Line by line, restate the material word for word, omitting any image.

*** SOURCE RECORDS ***

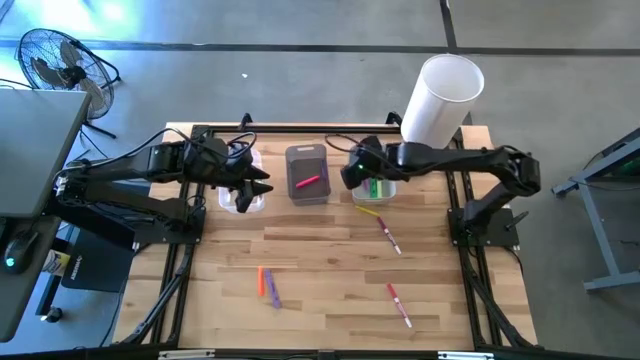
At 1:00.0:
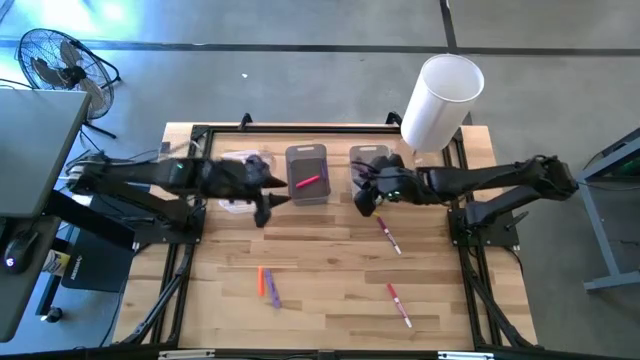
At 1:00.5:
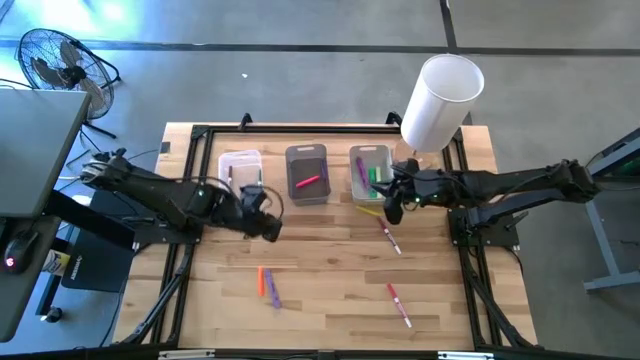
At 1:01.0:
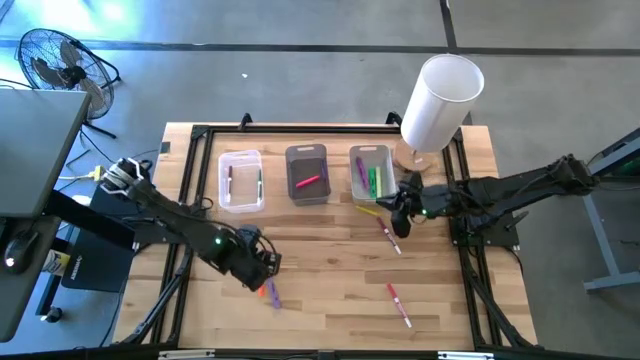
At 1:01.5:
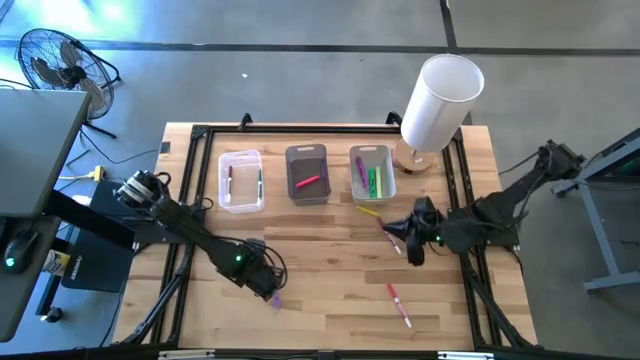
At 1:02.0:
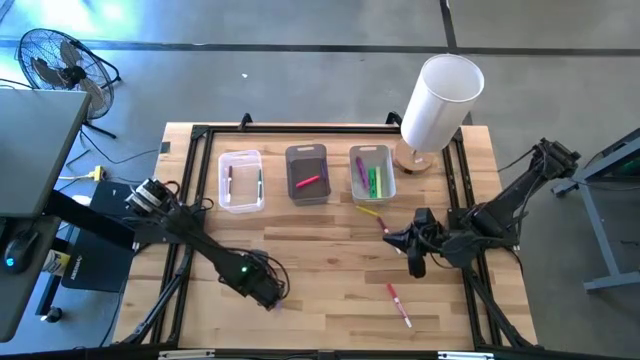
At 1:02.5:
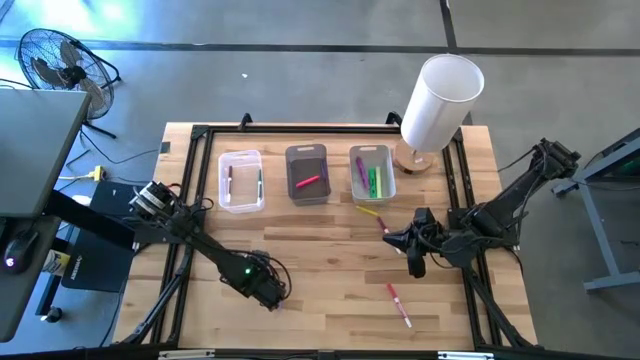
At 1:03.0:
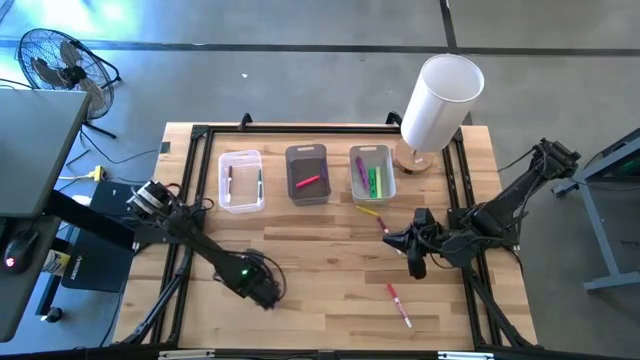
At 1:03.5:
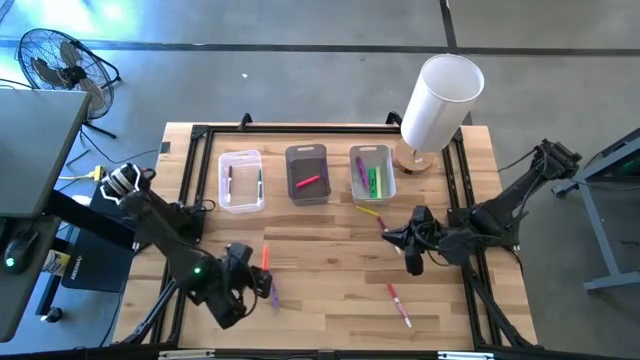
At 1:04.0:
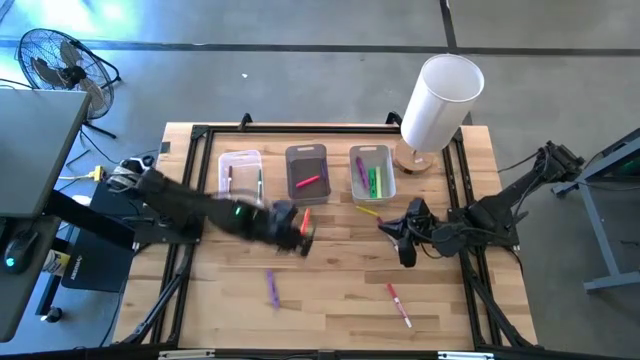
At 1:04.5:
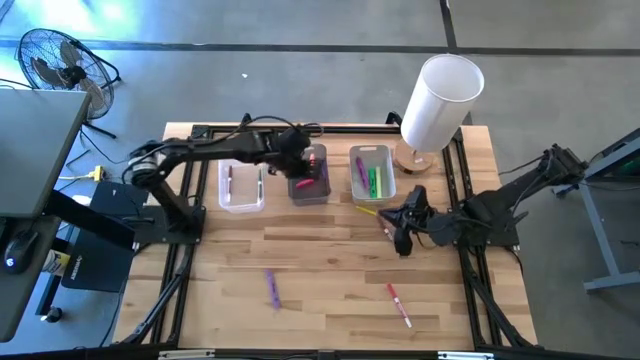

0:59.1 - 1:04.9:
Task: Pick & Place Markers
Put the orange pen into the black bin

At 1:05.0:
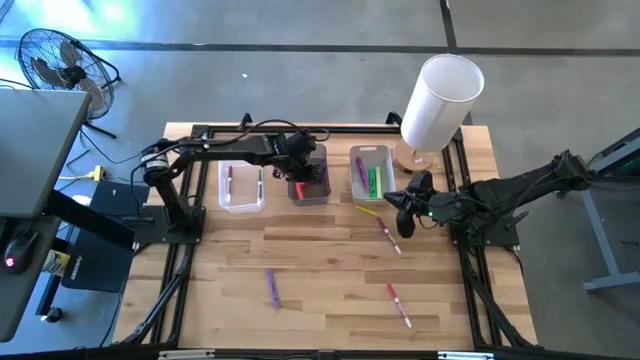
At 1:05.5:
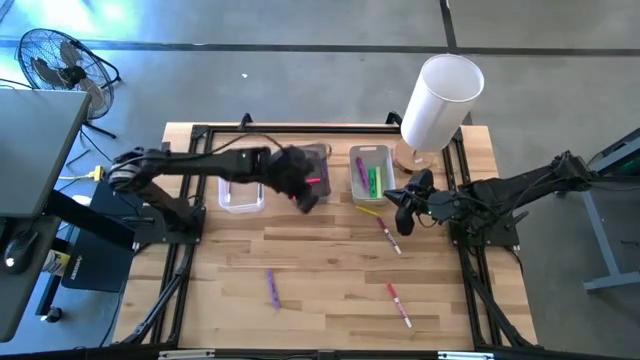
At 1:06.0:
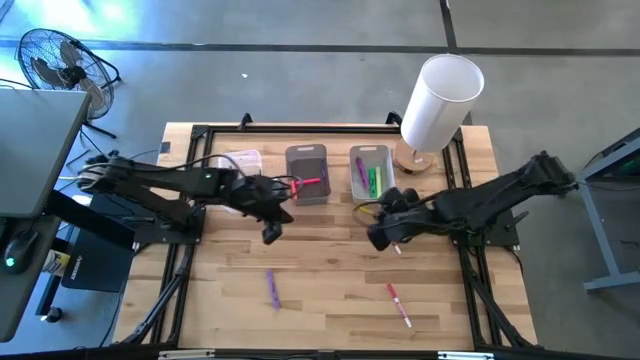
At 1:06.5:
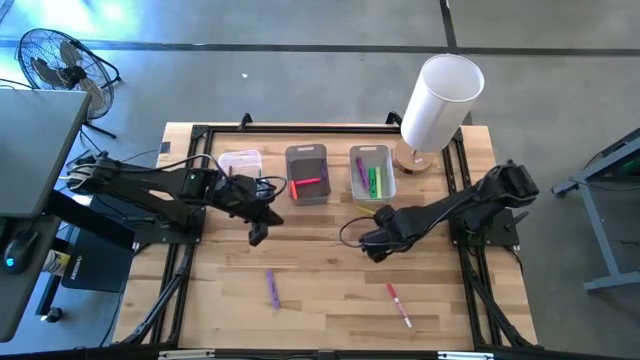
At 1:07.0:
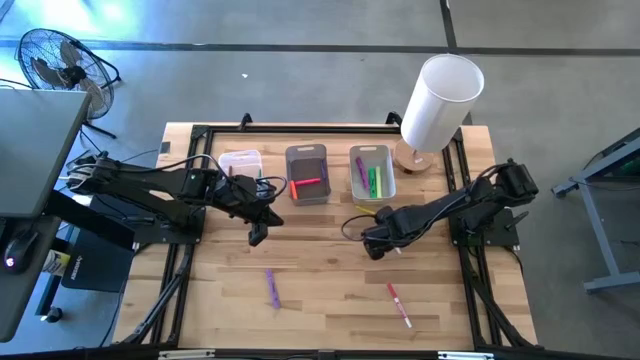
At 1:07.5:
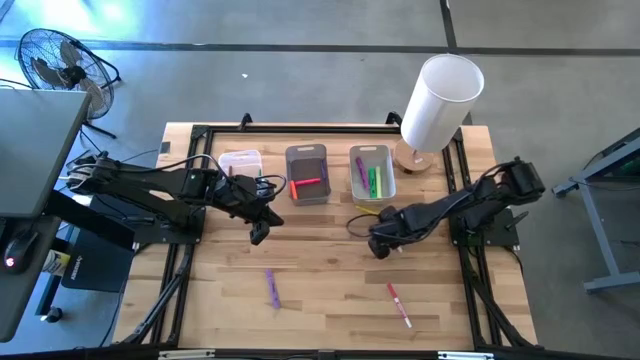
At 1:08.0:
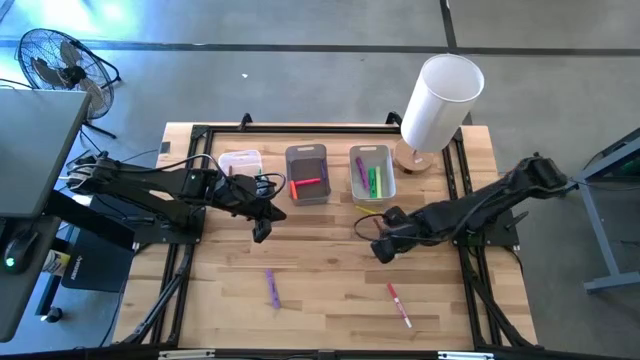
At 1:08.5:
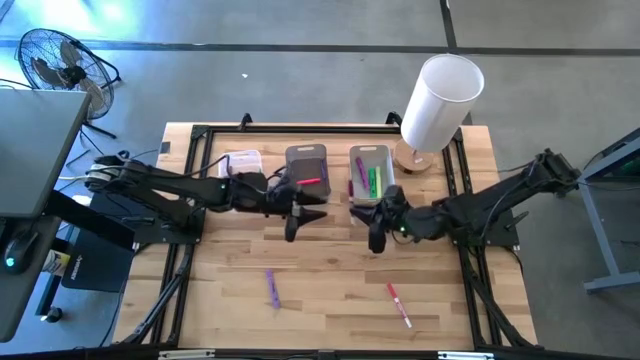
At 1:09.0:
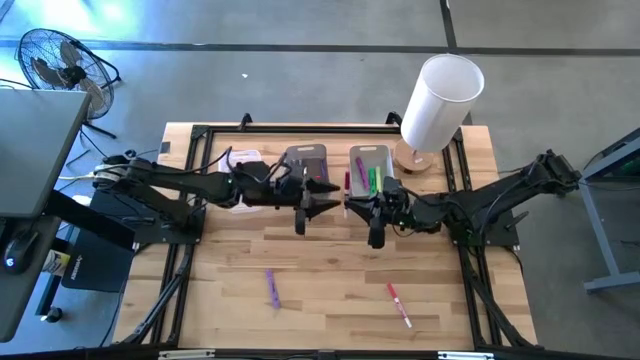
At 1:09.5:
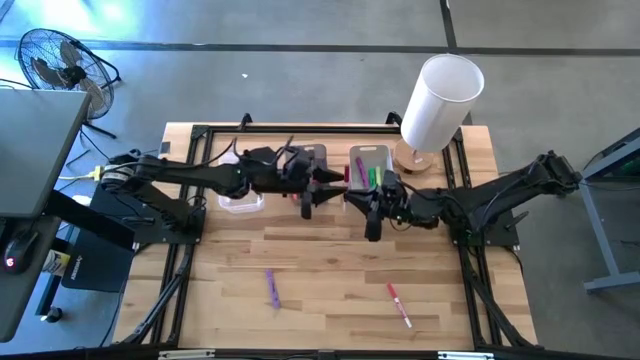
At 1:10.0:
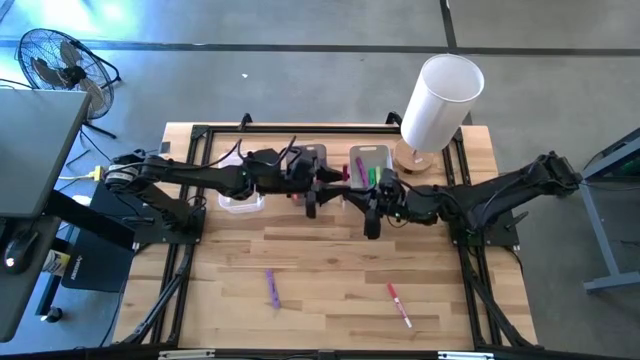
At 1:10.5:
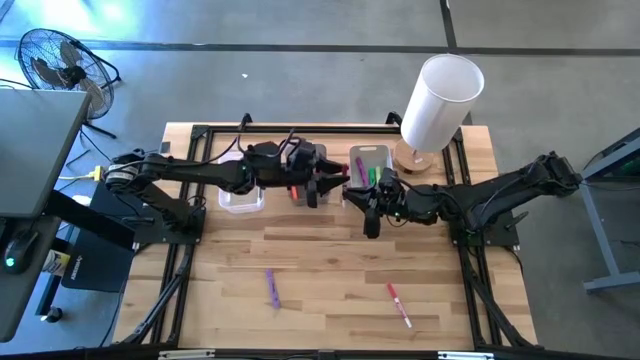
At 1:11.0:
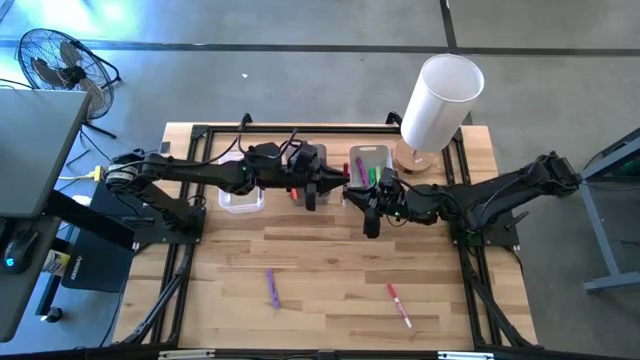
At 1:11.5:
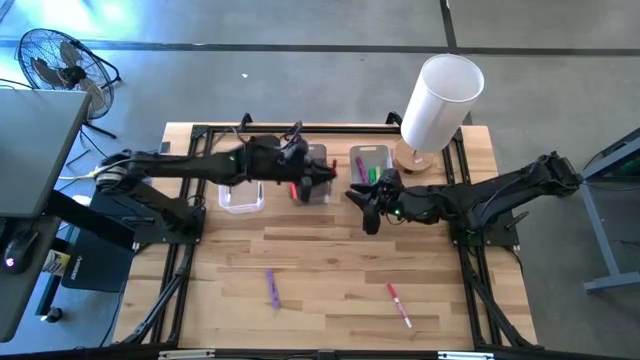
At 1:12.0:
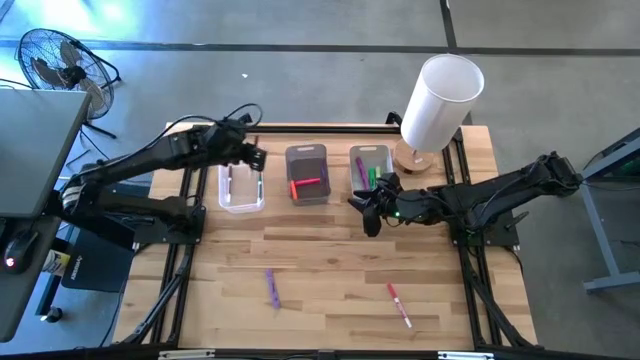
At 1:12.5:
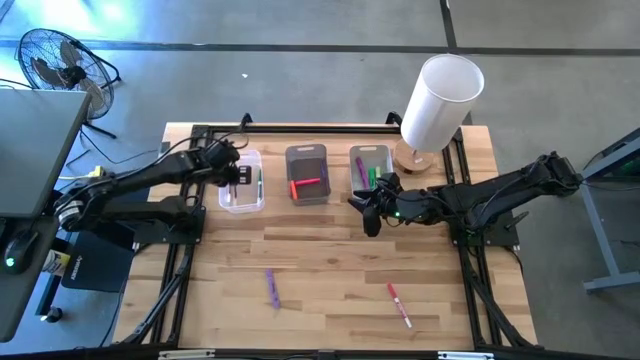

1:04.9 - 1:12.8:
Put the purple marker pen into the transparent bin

*** End of SOURCE RECORDS ***

» RESPONSE FOR THIS EXERCISE:
At 1:00.0:
At 1:00.5:
At 1:01.0:
At 1:01.5:
At 1:02.0:
At 1:02.5:
At 1:03.0:
At 1:03.5:
At 1:04.0:
At 1:04.5:

0:59.1 - 1:04.9:
Task: Pick & Place Markers
Put the orange pen into the black bin

At 1:05.0:
At 1:05.5:
At 1:06.0:
At 1:06.5:
At 1:07.0:
At 1:07.5:
At 1:08.0:
At 1:08.5:
At 1:09.0:
At 1:09.5:
At 1:10.0:
At 1:10.5:
At 1:11.0:
At 1:11.5:
At 1:12.0:
At 1:12.5:

1:04.9 - 1:12.8:
Put the purple marker pen into the transparent bin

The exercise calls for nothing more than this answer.